-- Provided information follows --

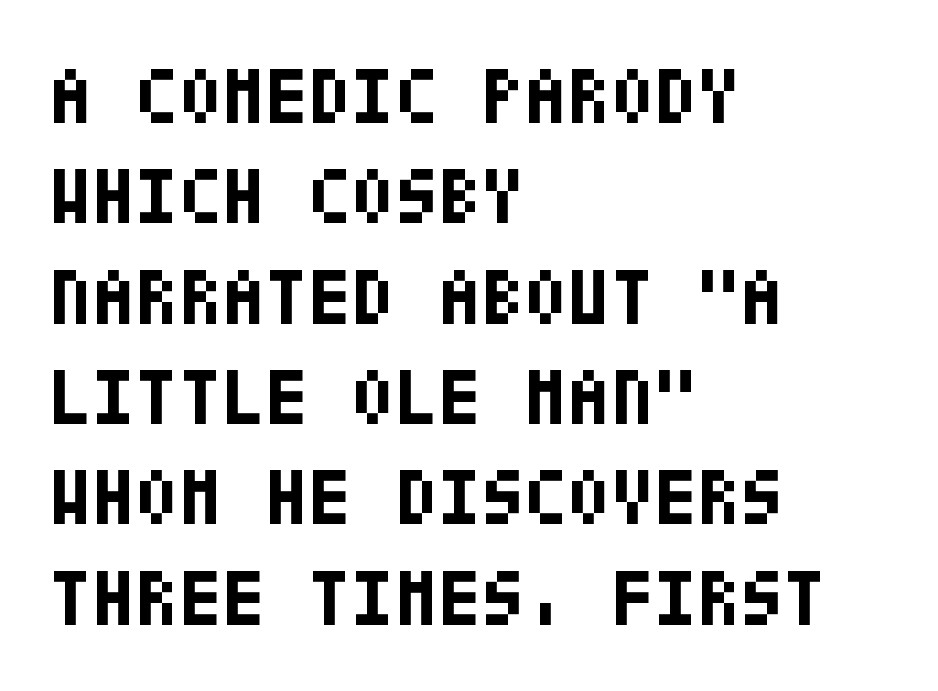
Q: Is the text bold? A: Yes.
Q: Is the text italic (slanted)? A: No, it is upright.
Q: Is the typeface a serif or a sans-serif typeface? A: Sans-serif.
Q: Is the text underlined? A: No.
Q: How is the paragraph aligned? A: Left-aligned.
Q: Is the spacing between letters normal or unusually wide? A: Normal.
Q: Is the spacing between lines tight, normal or loose? A: Normal.
Q: Width (condensed, normal, or wide)? A: Condensed.
Q: Stroke contrast? A: Low.
Q: x-height? A: Large.

-- Provided information concluded --

**What this task involves**: Each record above is to be copied exactly. Drop the pictures.

**Written response**:
Q: Is the text bold? A: Yes.
Q: Is the text italic (slanted)? A: No, it is upright.
Q: Is the typeface a serif or a sans-serif typeface? A: Sans-serif.
Q: Is the text underlined? A: No.
Q: How is the paragraph aligned? A: Left-aligned.
Q: Is the spacing between letters normal or unusually wide? A: Normal.
Q: Is the spacing between lines tight, normal or loose? A: Normal.
Q: Width (condensed, normal, or wide)? A: Condensed.
Q: Stroke contrast? A: Low.
Q: x-height? A: Large.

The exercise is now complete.